Our second experiment in class, we used the “Lego Mindstorm” motor to lift weights with a pulley to detect certain measurements. The measurements we were able to determine were the acceleration, battery discharge, the mass, the power (energy=time), and the time of acceleration. Using the VI program again to pick different Power Levels to measure the acceleration of the weights when we would run the pulley. We were able to read the battery level of the connected NXT and measure the outputs of the power level in millivolts. In addition to that, we used excel to calculate the results.

The chart displays, the “Battery Discharge” we got in result of putting the Power Level at 60%. We set the motor at different speeds (RPM), such as at 63.36245 (with a battery discharge of 55 and a mass of 0.245kg), 66.19594 (with a battery charge of 42 and a mass of 0.19kg), and 69.79716 (with a battery discharge of 14 and a mass of 0.15kg).

The chart below displays that when we set the Power Level to 40%, acceleration of 11.32843 RPM/s set the Power Level to 80%, we got an acceleration of 60.38247 RPM/s.

This next chart shows:
– when we made the Power Level 60%, it resulted in a Power (energy/time) of 0.021131
– when we made the Power Level 40%, it resulted in a Power (energy/time) of 0.011942
– when we made the Power Level 80% it resulted in a Power (energy/time) of 0.027614

The chart below displays the results in acceleration from different measurements of the mass in kilograms.
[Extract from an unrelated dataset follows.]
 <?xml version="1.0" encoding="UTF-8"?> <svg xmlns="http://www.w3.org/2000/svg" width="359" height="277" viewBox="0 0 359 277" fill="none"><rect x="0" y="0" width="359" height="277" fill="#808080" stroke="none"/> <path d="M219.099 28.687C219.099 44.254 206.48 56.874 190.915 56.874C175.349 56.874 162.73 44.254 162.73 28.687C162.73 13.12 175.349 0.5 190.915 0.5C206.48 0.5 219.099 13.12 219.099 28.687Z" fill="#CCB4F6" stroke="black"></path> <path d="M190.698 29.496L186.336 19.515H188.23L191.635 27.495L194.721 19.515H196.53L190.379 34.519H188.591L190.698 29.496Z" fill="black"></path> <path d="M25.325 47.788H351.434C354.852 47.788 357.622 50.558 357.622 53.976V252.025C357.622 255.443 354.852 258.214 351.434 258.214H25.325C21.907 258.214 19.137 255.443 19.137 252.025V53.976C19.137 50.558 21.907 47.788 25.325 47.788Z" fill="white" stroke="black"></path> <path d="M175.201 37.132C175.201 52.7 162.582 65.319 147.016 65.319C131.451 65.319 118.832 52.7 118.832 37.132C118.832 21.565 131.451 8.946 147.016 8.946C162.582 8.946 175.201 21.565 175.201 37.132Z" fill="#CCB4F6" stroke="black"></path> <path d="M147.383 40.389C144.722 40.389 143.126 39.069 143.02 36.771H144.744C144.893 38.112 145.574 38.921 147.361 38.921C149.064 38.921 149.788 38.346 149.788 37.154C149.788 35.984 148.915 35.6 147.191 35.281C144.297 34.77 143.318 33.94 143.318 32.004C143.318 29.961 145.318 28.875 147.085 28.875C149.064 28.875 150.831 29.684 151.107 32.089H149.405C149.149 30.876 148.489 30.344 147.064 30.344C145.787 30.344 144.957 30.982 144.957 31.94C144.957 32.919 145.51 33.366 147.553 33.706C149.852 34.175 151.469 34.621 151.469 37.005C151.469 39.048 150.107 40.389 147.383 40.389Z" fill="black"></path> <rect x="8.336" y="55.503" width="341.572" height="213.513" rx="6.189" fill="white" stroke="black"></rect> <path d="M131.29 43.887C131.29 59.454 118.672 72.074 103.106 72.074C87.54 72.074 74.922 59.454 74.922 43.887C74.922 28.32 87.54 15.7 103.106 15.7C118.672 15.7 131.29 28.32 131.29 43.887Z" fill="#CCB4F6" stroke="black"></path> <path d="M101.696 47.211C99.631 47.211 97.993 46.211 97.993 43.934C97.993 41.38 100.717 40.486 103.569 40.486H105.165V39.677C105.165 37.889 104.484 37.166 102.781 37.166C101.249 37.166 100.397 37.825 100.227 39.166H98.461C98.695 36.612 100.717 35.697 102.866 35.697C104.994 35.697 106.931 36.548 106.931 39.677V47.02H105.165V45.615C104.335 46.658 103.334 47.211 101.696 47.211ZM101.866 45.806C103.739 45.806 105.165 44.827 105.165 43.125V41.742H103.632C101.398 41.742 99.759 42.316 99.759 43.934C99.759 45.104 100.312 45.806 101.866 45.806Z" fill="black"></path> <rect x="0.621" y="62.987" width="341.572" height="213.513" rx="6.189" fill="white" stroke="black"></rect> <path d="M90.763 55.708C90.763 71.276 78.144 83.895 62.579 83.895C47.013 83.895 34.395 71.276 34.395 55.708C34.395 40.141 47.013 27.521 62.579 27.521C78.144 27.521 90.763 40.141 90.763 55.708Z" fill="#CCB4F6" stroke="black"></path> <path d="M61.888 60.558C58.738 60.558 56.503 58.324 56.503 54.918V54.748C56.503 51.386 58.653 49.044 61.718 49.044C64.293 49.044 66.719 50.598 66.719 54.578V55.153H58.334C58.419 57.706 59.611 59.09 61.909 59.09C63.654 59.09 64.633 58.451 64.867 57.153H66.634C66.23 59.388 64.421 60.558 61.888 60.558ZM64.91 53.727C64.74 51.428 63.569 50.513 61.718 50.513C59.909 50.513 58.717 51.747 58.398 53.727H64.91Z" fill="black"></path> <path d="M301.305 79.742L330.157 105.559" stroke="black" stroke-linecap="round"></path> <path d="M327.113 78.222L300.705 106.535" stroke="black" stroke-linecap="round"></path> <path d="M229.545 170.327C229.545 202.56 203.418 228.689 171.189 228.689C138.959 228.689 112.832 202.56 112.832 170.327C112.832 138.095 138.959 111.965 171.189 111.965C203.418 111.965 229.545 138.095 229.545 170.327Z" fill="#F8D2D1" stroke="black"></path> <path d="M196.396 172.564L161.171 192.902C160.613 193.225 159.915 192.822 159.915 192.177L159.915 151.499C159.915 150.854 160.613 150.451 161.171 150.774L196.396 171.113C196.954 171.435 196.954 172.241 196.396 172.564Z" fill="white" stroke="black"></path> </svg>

The results we detected was an acceleration of 24.06474 RPM/s with a mass of 0.245kg, an acceleration of 29.21268 RPM/s with a mass of 0.19 kg, and an acceleration of 33.44377 RPM/s with a mass of 0.15 kg.

By looking at these graphs, one determine that the less mass, the bigger the acceleration. This makes sense because, Newton’s 2nd law says force=mass * acceleration. The law states “that if an equal force is applied to a larger mass it will accelerate proportionally more slowly”. Meaning, that if you push on two objects with identical force, the object with the smaller mass will have a greater acceleration. Mass is directly related to acceleration, meaning that if one goes up, then the other has to go down. These graphs show the acceleration for a function of mass as a constant parallel. With a larger mass, acceleration should go down as a function of force for a fixed mass.